Trump dominates in contributions as legal woes mount

Trump far outpaced his Republican rivals in fundraising in the three-month period from July through the end of September, raising more than $24.5 million for his campaign. He began October with $37.5 million in cash to spend, according to reports filed with the FEC on Sunday night. It was not clear from the available data how much of his cash could be used for the primary election.

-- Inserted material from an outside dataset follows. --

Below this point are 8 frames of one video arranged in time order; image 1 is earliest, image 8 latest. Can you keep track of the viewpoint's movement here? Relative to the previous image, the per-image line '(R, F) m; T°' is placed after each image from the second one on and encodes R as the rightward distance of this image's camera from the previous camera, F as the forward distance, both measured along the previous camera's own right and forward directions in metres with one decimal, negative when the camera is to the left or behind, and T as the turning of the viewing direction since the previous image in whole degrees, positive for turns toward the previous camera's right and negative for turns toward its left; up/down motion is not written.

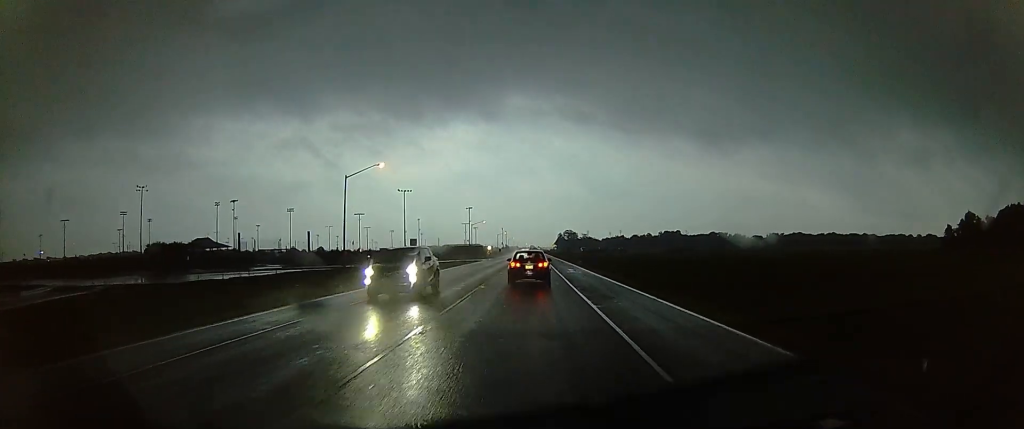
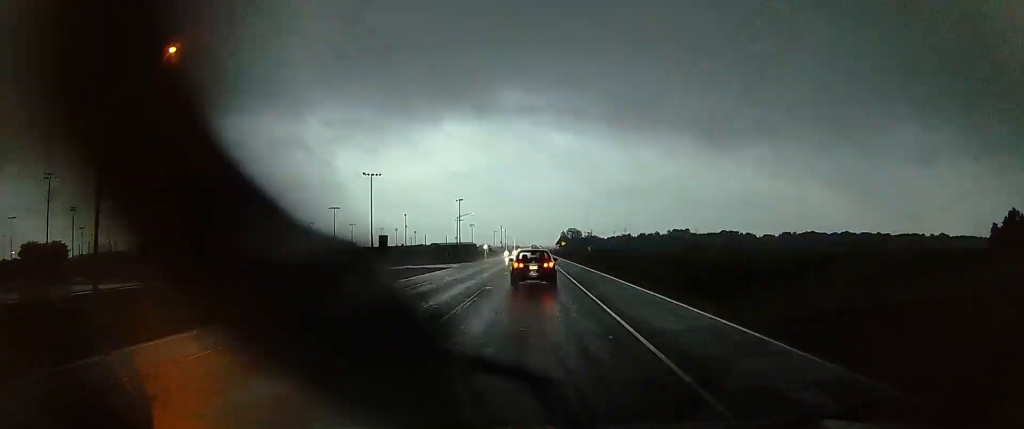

The disclosures underscored the former president’s dominance in the Republican field and how his supporters view his baseless assertions that he is the victim of a corrupt justice system, driving legions to contribute to his campaign. During the three-month period through the end of September, he campaigned far less than many of his rivals, and his campaign spent just $9.5 million on his reelection effort — just under 40 percent of what he raised, one of the lowest ratios among Republican candidates.

DeSantis fundraising slows as campaign focuses on Iowa

DeSantis had entered the field with considerable bravado earlier this year, as allies framed his fundraising prowess in Florida and the well-funded super PAC aligned with his bid as a juggernaut that could catapult him into a two-man race with Trump. But his campaign overspent in its early days, prompting layoffs and raising questions about its viability, all as DeSantis fell further behind Trump in the polls.

The latest fundraising report reflects that effort to rein in costs, which DeSantis’s team says has set him on a more sustainable course. His campaign expenditures in September totaled about $1.4 million, down from nearly $4 million in August and nearly $6 million in June.

His campaign said he entered October with about $5 million available for the primary, less money than what his top rivals have reported. The campaign said the $5 million accounts for about $1 million in unpaid invoices that appear in its third-quarter report.

DeSantis’s fundraising also has slowed considerably since his campaign launch, when top donors gathered in Miami to work the phones. He raised $20 million in the six weeks after his announcement. In the third quarter running from July 1 through Sept. 30, he brought in $15.1 million through a campaign committee and a joint fundraising committee, which is also raising money for a leadership PAC that was not required to file its disclosures Sunday night. (Money raised through the leadership PAC cannot be used to pay for campaign costs.)

DeSantis saw a spike in contributions toward the end of September, as he swung through the West Coast for the second GOP debate and held high-dollar fundraising events. He saw a similar surge at the end of the second quarter.

Despite cost cutbacks, DeSantis still spending big on private air travel

Private plane companies were a major expense for DeSantis in the third fundraising quarter, even as his campaign sought to cut costs. His campaign paid more than $1.5 million to at least six companies that provide private jets: Advanced Aviation Team, Avion Aviation, Empyreal Jet, Silver Air Private Jets, Israjets and N2024D. The private plane charges were mostly in July and August, with only an Israjets charge showing up in September.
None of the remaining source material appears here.